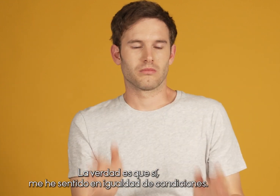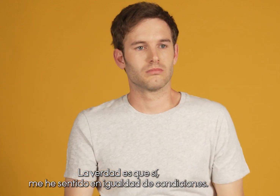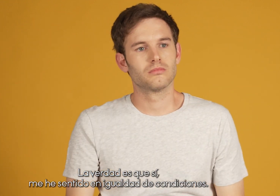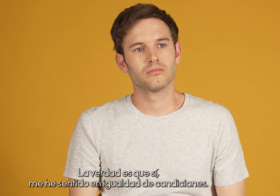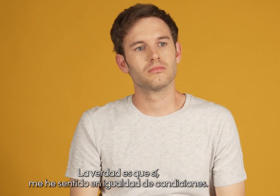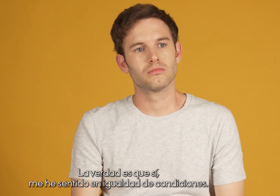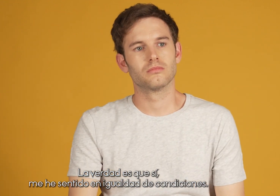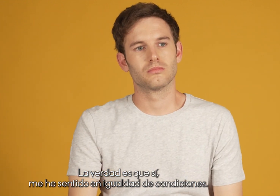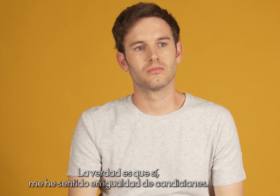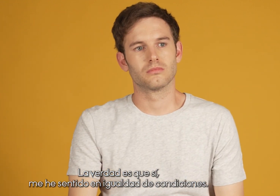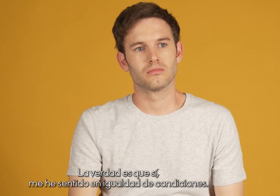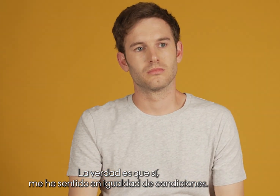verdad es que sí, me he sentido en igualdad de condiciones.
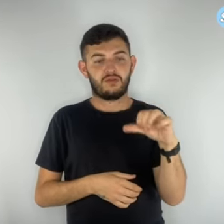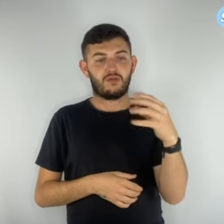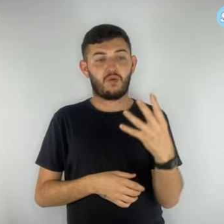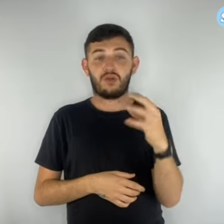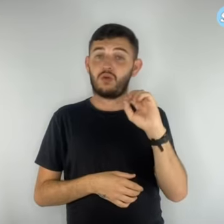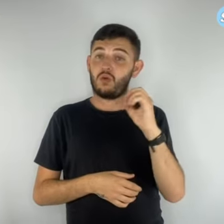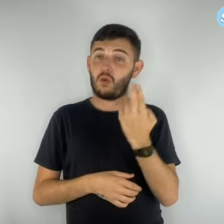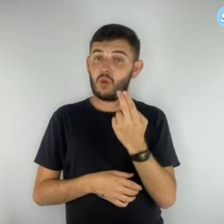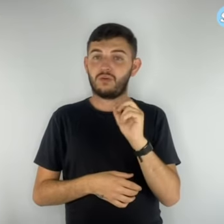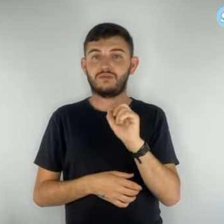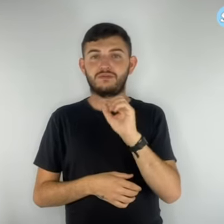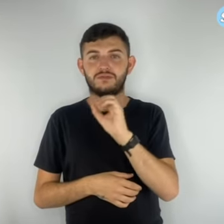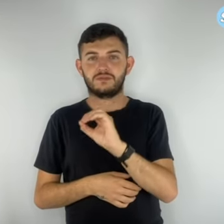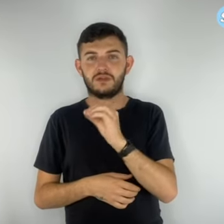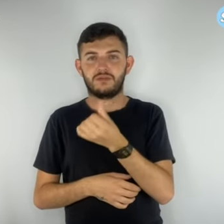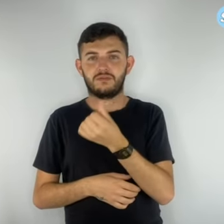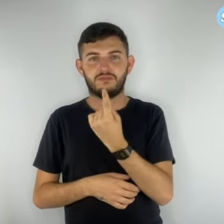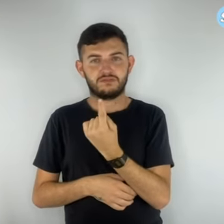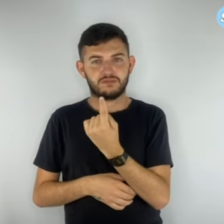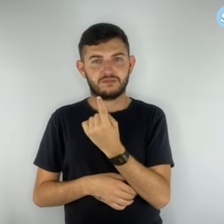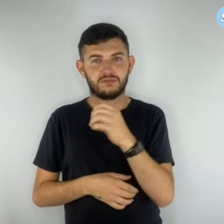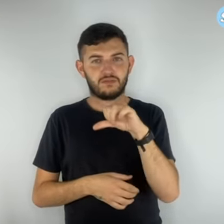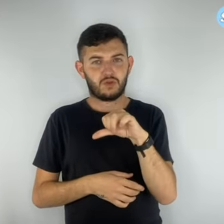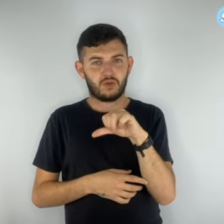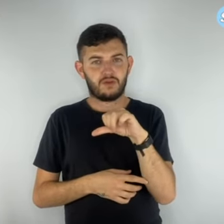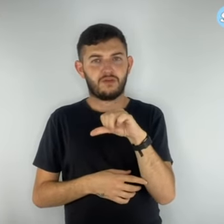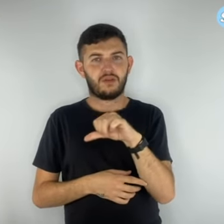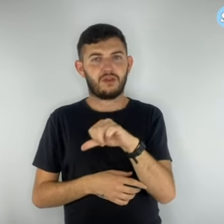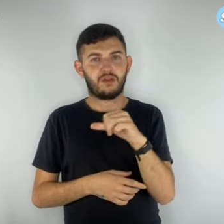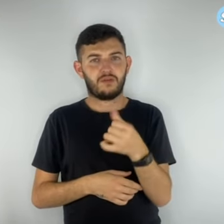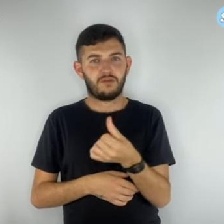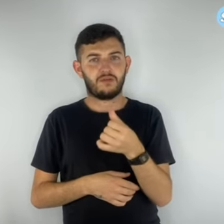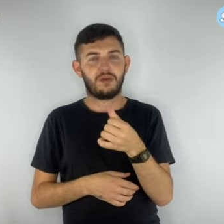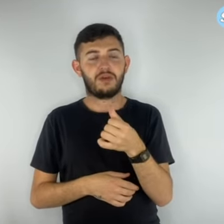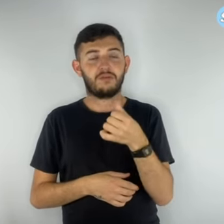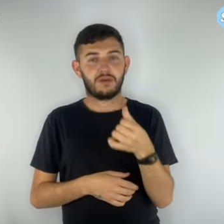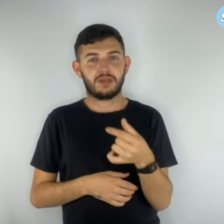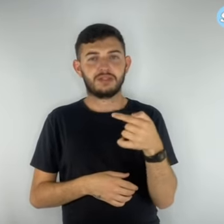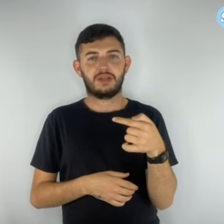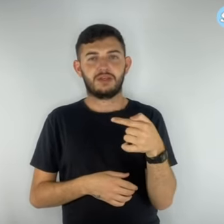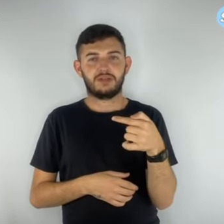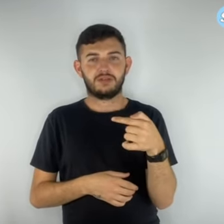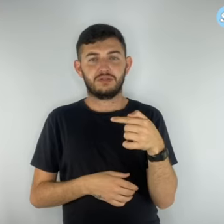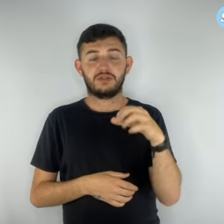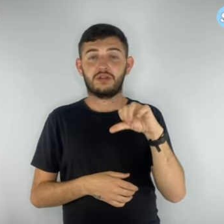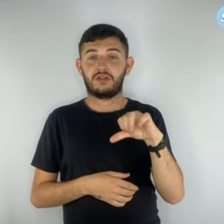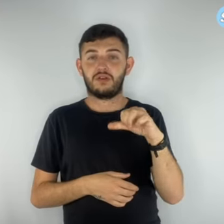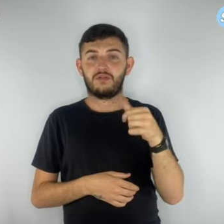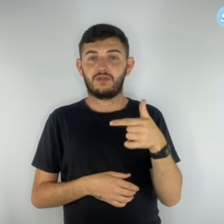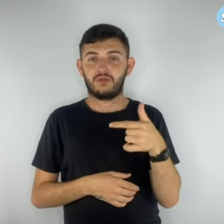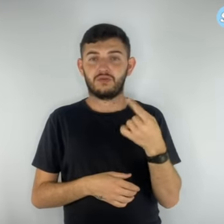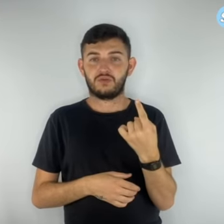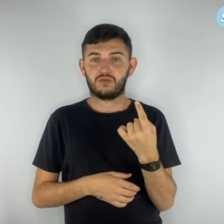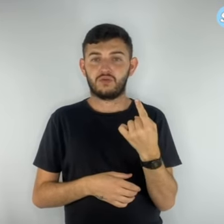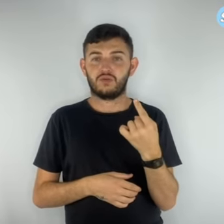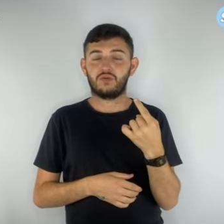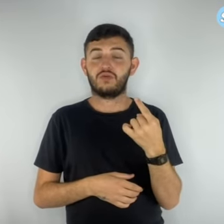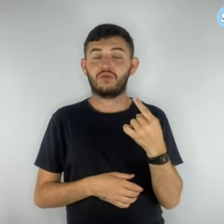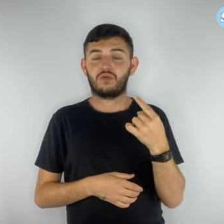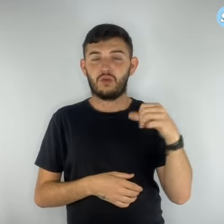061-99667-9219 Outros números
...
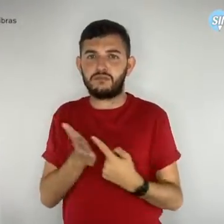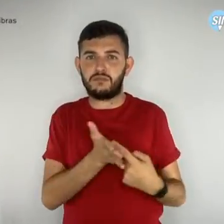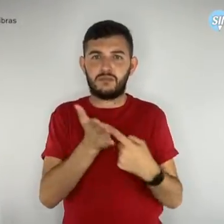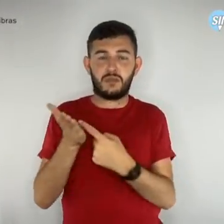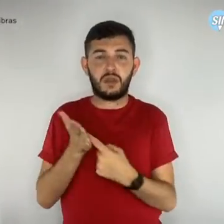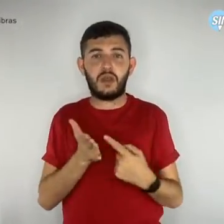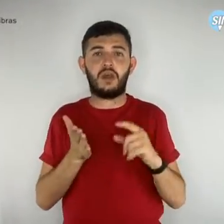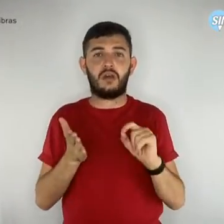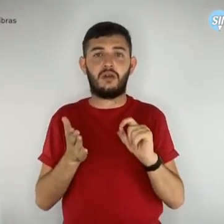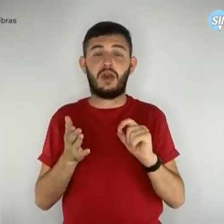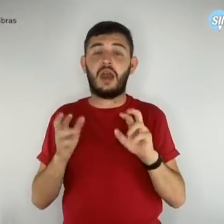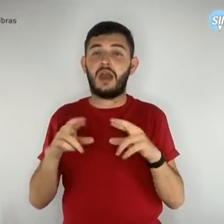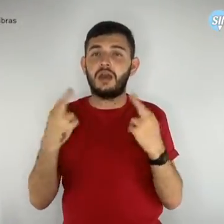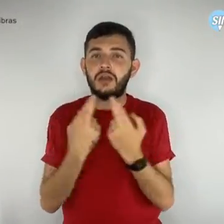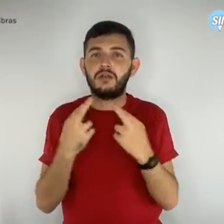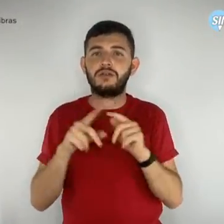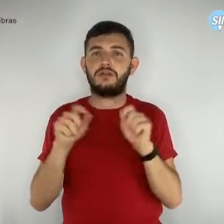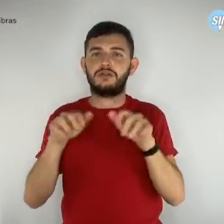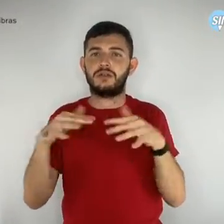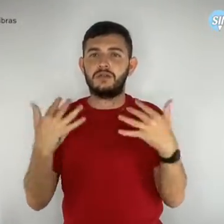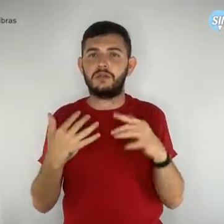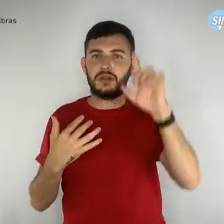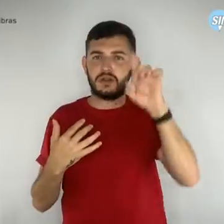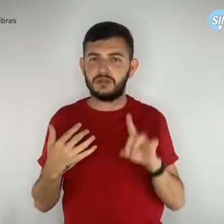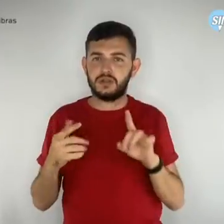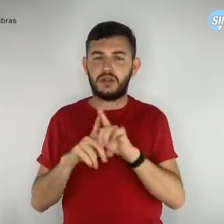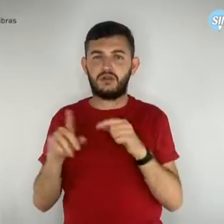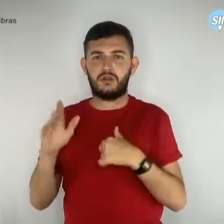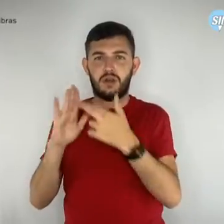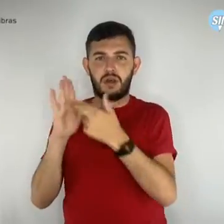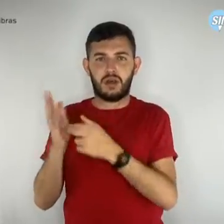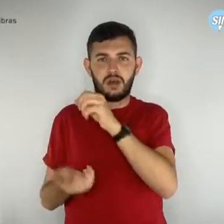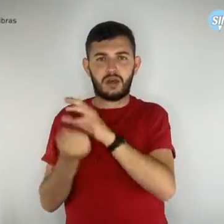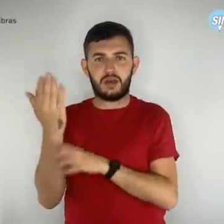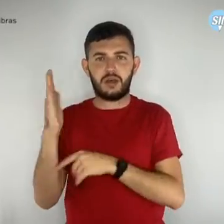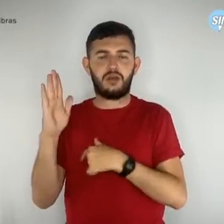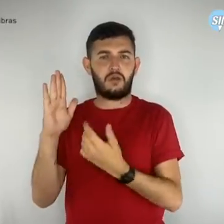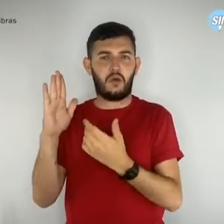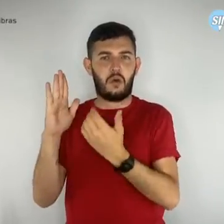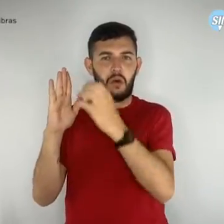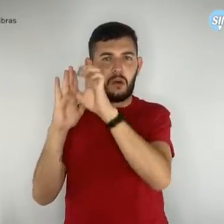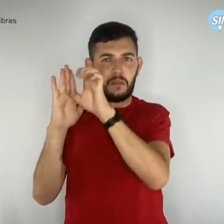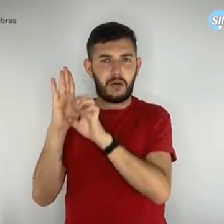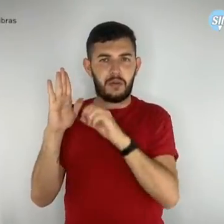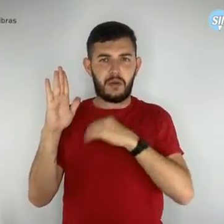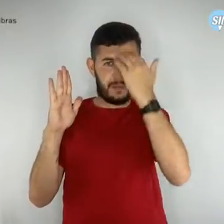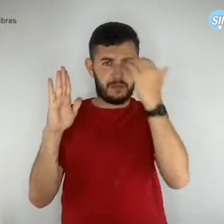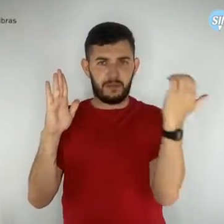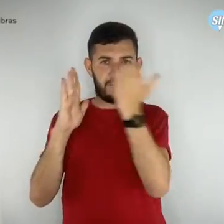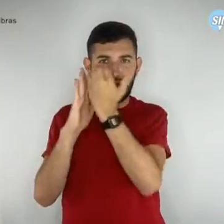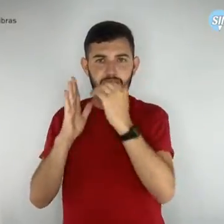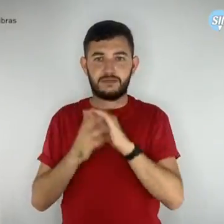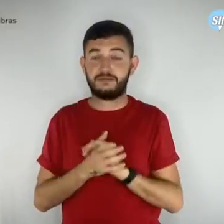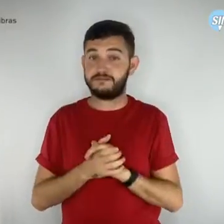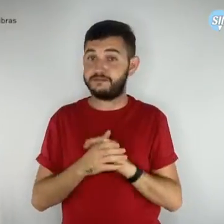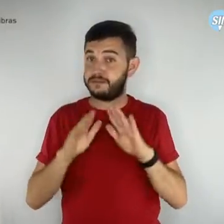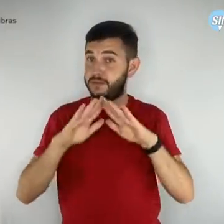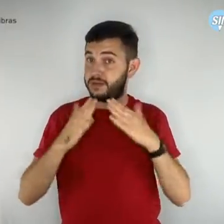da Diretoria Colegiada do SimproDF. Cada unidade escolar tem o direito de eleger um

**WHAT IS NEEDED:** Nothing but the lines from the one containing "verdad es que" through the one containing "061-99667-9219 Outros números" should appear, copied exactly from the material above and without pictures.

**RESPONSE TO THIS EXERCISE:**
verdad es que sí, me he sentido en igualdad de condiciones.
061-99667-9219 Outros números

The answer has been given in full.